La puerta que daba a las cocinas estaba abierta y alcanzaron a oír ruido de pasos más abajo. Rachael la cerró.

—Sobre todo la cocinera —añadió.

—Es mejor dejarles claro desde el principio quién manda. Mejor para todos. —Susan Burnham continuó devorando la habitación con la mirada al tiempo que la catalogaba—. ¿Y la familia? ¿Cómo funciona el asunto? ¿Dónde demonios comen ellos?

—En el piso superior hay una cocina. Y tenemos un montaplatos.

—¿Tenéis trato con ellos?

—En realidad no. Aunque Ed ha tirado abajo algunas barreras.

—Yo que tú las mantendría a toda costa.

Rachael ya había decidido no mencionar el incidente con Cuthbert; Susan Burnham lo exageraría hasta convertirlo en un auténtico asesinato y en menos de una semana todo el barrio lo sabría.

—Ah, mira. —La señora Burnham se vio atraída hacia la pared que había sobre la chimenea—. Veo que lo han quitado.

Rachael siguió su mirada: un rectángulo de papel pintado descolorido, la huella de un cuadro ausente.

—¿A quién?

—Al Führer. Ahí es donde debieron de colgarlo. Las casas alemanas están llenas de esos rectángulos oscuros en las paredes.
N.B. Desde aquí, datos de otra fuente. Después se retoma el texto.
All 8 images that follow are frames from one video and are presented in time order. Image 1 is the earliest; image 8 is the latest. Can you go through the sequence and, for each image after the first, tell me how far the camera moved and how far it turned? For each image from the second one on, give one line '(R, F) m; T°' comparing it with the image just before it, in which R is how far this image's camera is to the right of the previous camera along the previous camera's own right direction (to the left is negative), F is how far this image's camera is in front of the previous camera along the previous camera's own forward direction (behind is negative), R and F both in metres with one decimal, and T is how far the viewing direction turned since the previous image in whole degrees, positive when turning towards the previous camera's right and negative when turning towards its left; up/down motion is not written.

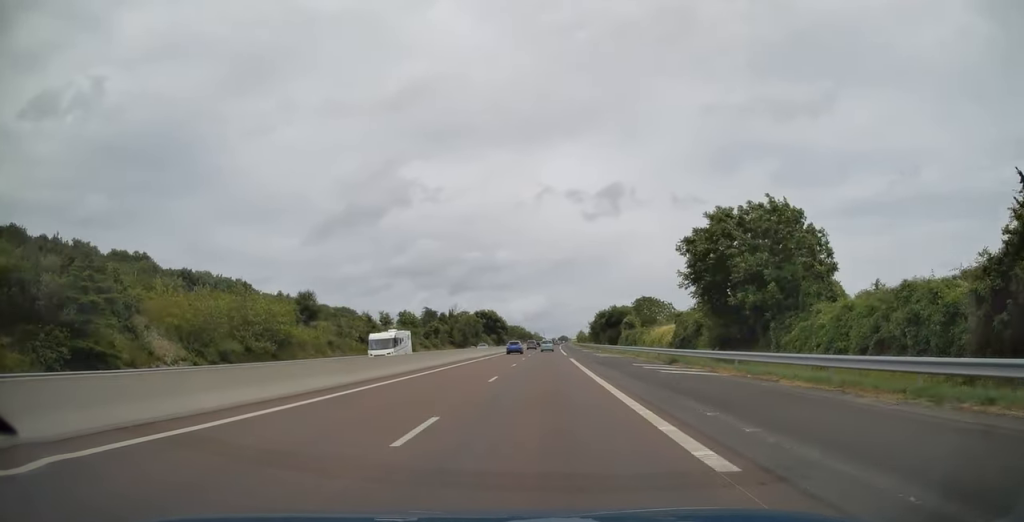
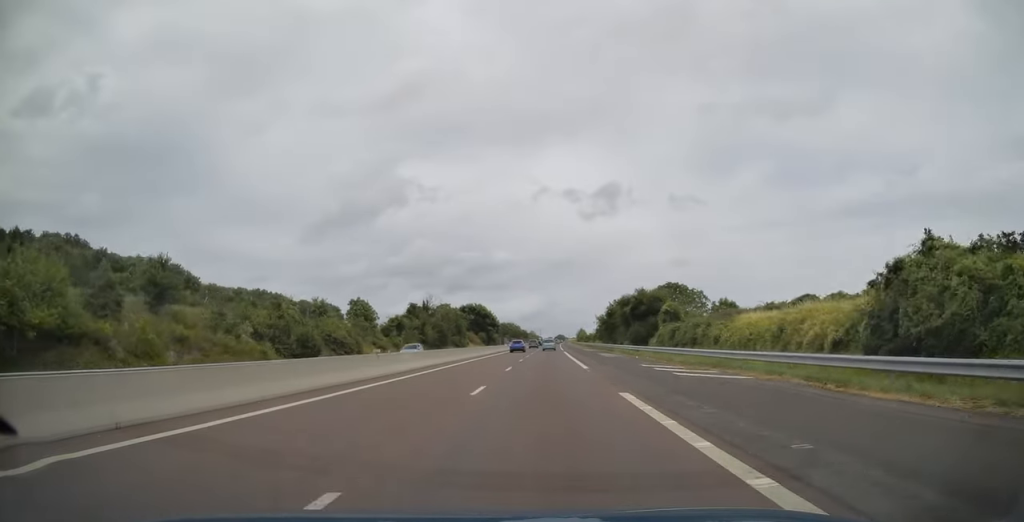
(+0.1, +31.5) m; 0°
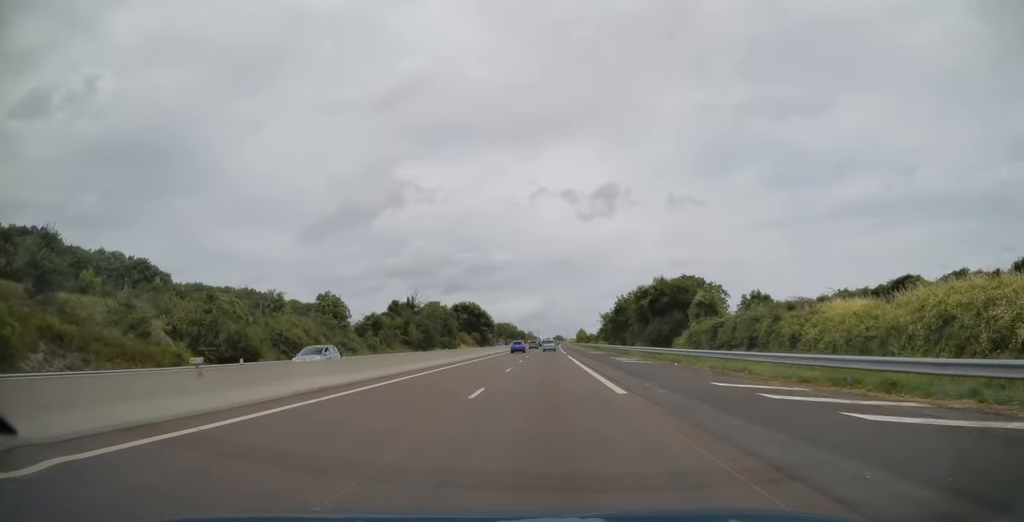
(0.0, +13.4) m; 0°
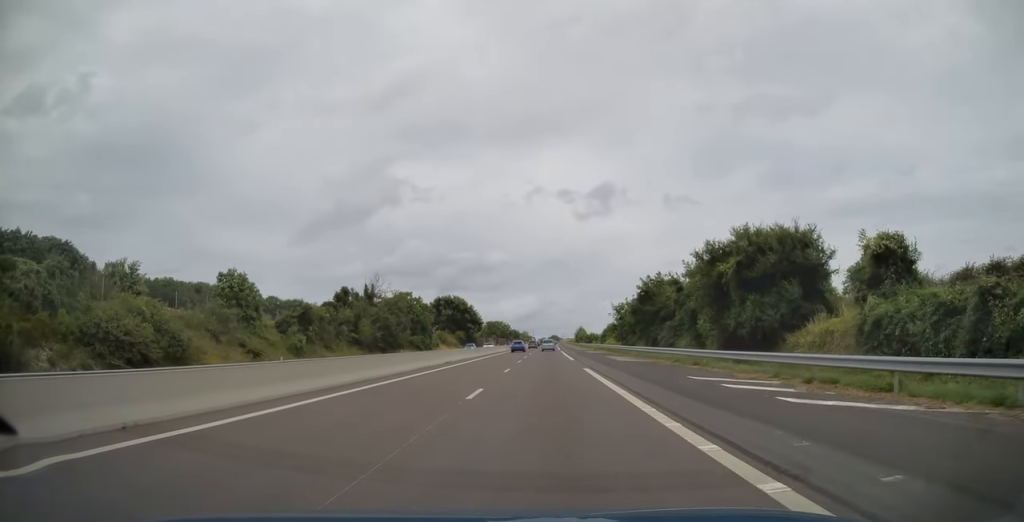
(-0.4, +26.2) m; +1°
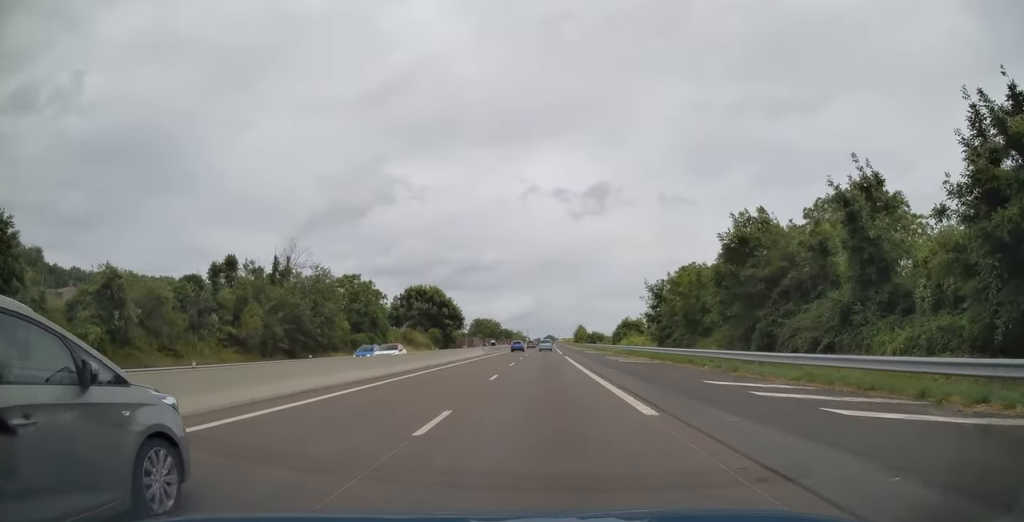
(+0.7, +31.5) m; +1°
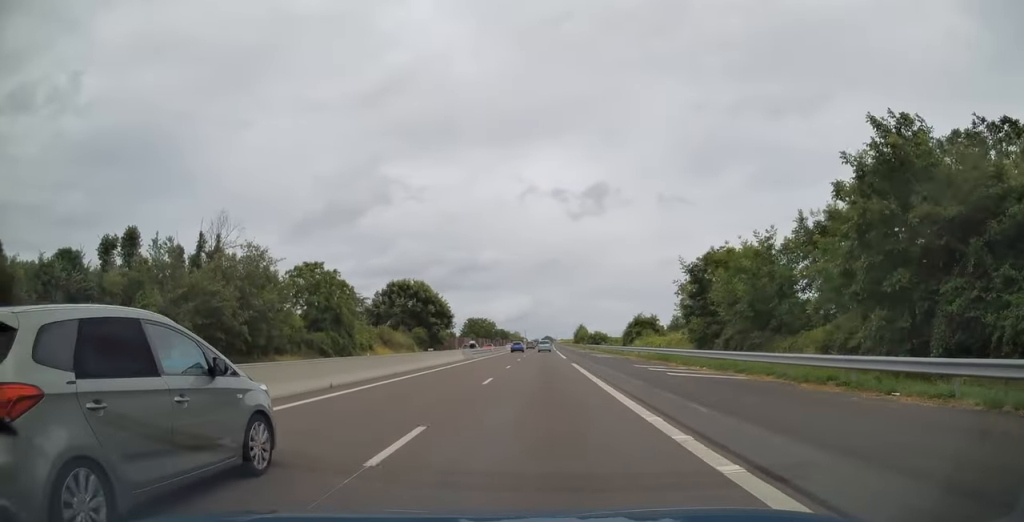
(-0.1, +14.9) m; 0°
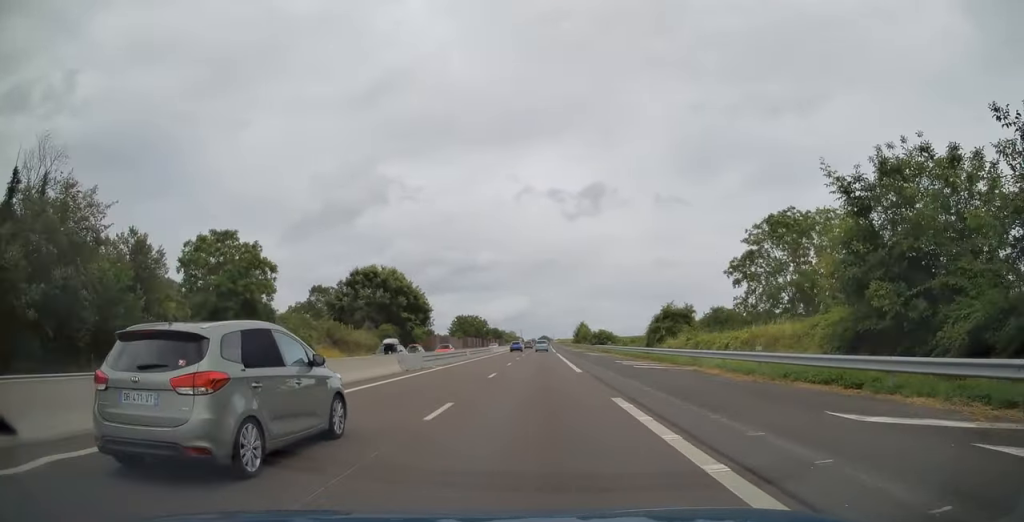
(-0.2, +21.9) m; 0°
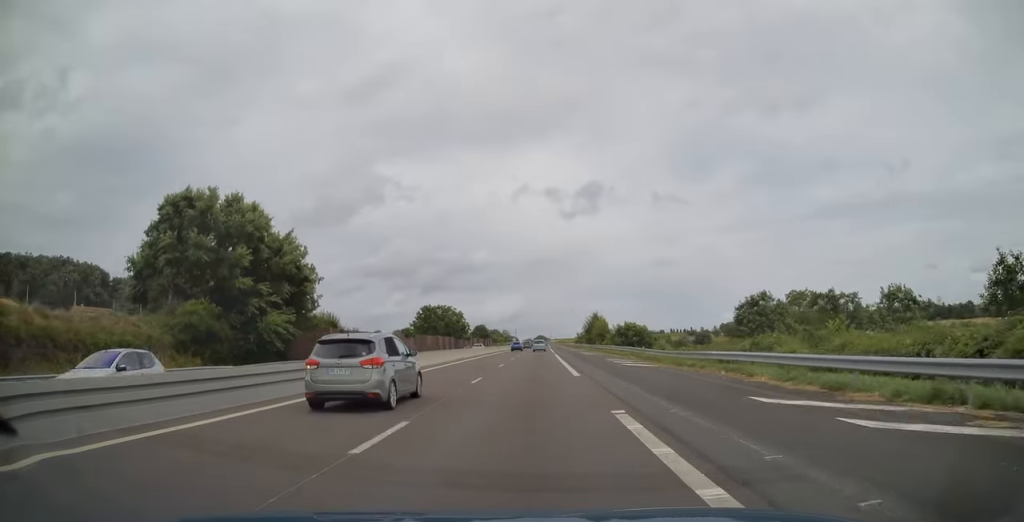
(+0.2, +55.1) m; 0°

Solo que la mayoría de ellos son lo bastante listos para taparlos. No pongas esa cara. Todos los tenían. Keith lo llama «la mancha indeleble».

Rachael miró la mancha y se imaginó el retrato a la perfección. ¿Cómo no se había fijado antes?

—Creo que hasta Keith dejaría pasar una tonalidad de gris con tal de vivir en un lugar como este.

—No creo que herr Lubert tuviera ningún contacto con el Partido Nazi. Por lo que sé.

—Bueno, claro. Eso es lo que dicen todos. —Miró la casa y alargó las manos para concluir su alegato.

—¿Crees que todo eso se consigue sin hacer concesiones? Una familia alemana rica y poderosa como la suya forzosamente tuvo algo que ver con el régimen.

A Rachael le dio la impresión de que esos juicios no provenían de la señora Burnham. Debía de haber tocado el tema con su marido.

—Estoy segura de que permaneció al margen.

—Vamos, Rachael. Puede que sea muy cristiano pensar bien de la gente, pero no debemos ser ingenuos en estas cuestiones.

Rachael no había sospechado de herr Lubert en ese sentido. De cualquier modo, si hubiera dado la razón a la señora Burnham, ella habría quedado como una estúpida, Lewis como un necio imprudente y su situación en la villa se habría vuelto insostenible.

—Puede que no todos sean culpables, Susan —dijo, citando esta vez a su marido—. Creo sinceramente que él no estuvo involucrado.

—Lo estuvieron todos, querida. La cuestión es cuánto.